Extracted records:
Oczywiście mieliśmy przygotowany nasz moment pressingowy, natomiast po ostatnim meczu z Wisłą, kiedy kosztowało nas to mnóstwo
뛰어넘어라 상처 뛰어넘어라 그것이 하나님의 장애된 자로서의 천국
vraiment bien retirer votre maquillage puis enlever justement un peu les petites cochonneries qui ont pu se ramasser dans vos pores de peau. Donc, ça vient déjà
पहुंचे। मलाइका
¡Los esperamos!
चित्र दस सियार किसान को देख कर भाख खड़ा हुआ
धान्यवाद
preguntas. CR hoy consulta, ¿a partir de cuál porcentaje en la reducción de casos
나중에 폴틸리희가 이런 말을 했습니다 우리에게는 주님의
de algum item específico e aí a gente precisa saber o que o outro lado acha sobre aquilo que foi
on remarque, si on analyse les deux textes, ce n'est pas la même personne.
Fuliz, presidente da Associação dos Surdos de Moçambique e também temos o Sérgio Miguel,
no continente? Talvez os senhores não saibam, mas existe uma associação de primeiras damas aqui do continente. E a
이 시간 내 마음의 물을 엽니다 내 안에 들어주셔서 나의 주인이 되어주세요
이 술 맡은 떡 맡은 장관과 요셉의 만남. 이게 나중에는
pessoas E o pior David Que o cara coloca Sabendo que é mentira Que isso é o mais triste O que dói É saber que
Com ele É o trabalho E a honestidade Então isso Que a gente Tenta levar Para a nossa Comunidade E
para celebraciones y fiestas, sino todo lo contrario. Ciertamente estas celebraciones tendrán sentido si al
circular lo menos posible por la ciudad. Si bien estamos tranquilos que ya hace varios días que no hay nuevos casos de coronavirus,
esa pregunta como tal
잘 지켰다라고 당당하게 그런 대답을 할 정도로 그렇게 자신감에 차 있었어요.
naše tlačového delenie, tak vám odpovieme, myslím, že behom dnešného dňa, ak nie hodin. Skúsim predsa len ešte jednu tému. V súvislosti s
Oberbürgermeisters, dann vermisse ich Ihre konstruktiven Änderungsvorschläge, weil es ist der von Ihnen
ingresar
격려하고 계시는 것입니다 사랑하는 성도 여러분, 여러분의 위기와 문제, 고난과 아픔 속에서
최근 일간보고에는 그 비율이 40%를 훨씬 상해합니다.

• [Required action]
Among the lines of the data, find every one that holds "isso" and copy it.

• [Solution to this task]
pessoas E o pior David Que o cara coloca Sabendo que é mentira Que isso é o mais triste O que dói É saber que
Com ele É o trabalho E a honestidade Então isso Que a gente Tenta levar Para a nossa Comunidade E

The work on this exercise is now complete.